So that gives it a distorted worldview, it gives it a distorted perspective. Which is geared to a particular voice, a particular point of view, a particular way of looking at the world. Now, that's one level of bias and potential discrimination because we know that that means then when we get output from these machines, it's potentially going to discriminate against other races. It's potentially going to discriminate by gender and it might otherwise marginalize certain communities. The other part, and this goes back to the shark in that previous analogy, is that they deliberately harmful and toxic data on the internet also goes into the model. So whilst we have an inadvertent or an accidental white western male worldview, the dataset also contains deliberately toxic and harmful content. So that might be Twitter threads or Reddits commentary in particular, those places on social media where people are being deliberately racist, deliberately antagonistic, sexist, ableist, misogynist and so on.
All of that data's in there as well. And in fact, so much of that data is in there that can sway the output. So Microsoft in 2017 trained a bot on the Twitter corpus and within hours of releasing it was spouting extreme right wing racist content and they pulled the bot down and they never tried the experiment again. So we have an inadvertent level of discrimination. We have an almost deliberate layer of discrimination, and then we've even got one more level of discrimination, unfortunately, which is when the organizations behind these AIs try to remove or filter out some of that discrimination, they can actually make the problem even worse. So in trying to filter out the bias and in trying to make the worldview of these language models a little bit more equitable, companies like OpenAI, they have to put in guardrails. They have to train the machines specifically to act in a certain way.

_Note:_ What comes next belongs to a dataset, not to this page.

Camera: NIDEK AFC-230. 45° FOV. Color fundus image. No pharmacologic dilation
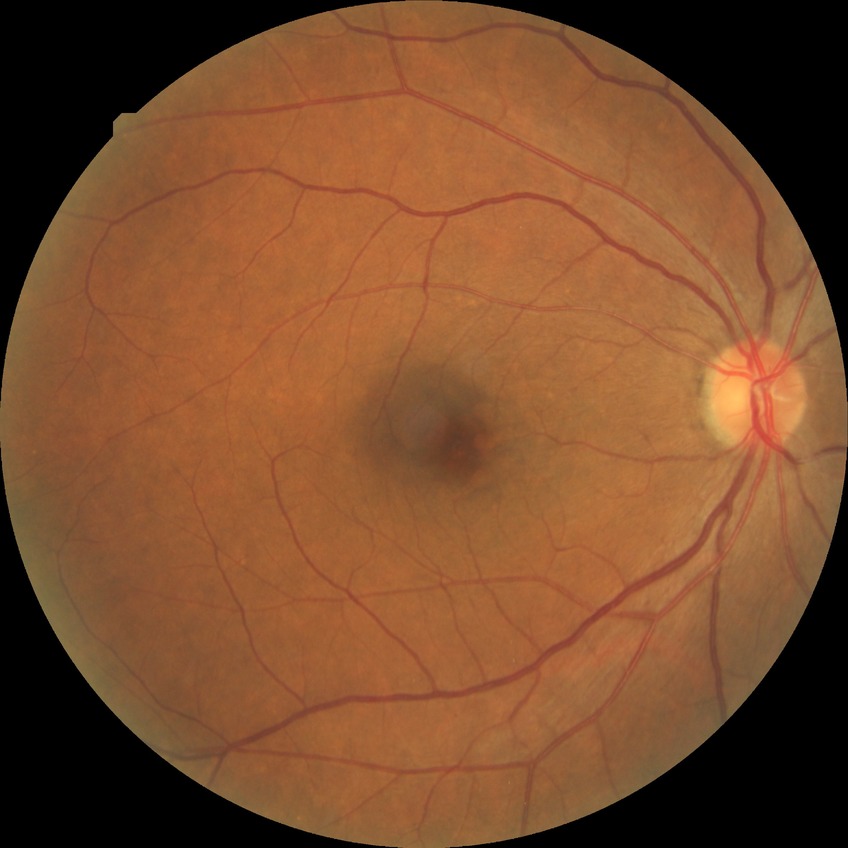 diabetic retinopathy (DR): SDR (simple diabetic retinopathy).

So one way that they do this is problematic. They use human labor to train and label toxic data. So if you go online and search for a Time article that was published earlier this year, you'll see a case where companies like OpenAI had outsourced the labeling of toxic data to very low paid workers in the Global South. In countries like Kenya in particular. And these workers were paid far below a western minimum wage to manually flag and label data that was abusive and very traumatic in some cases. To the extent that some of these workers had to then undergo counseling and couldn't continue in those roles. Now, companies like OpenAI and the outsourcing agency that provided those services will argue that they're providing fair and reasonable wages and that they're creating jobs and all kinds of justifications, but at the end of the day, we have humans labeling potentially harmful data in the interest of filtering that data out for the users of applications like ChatGPT.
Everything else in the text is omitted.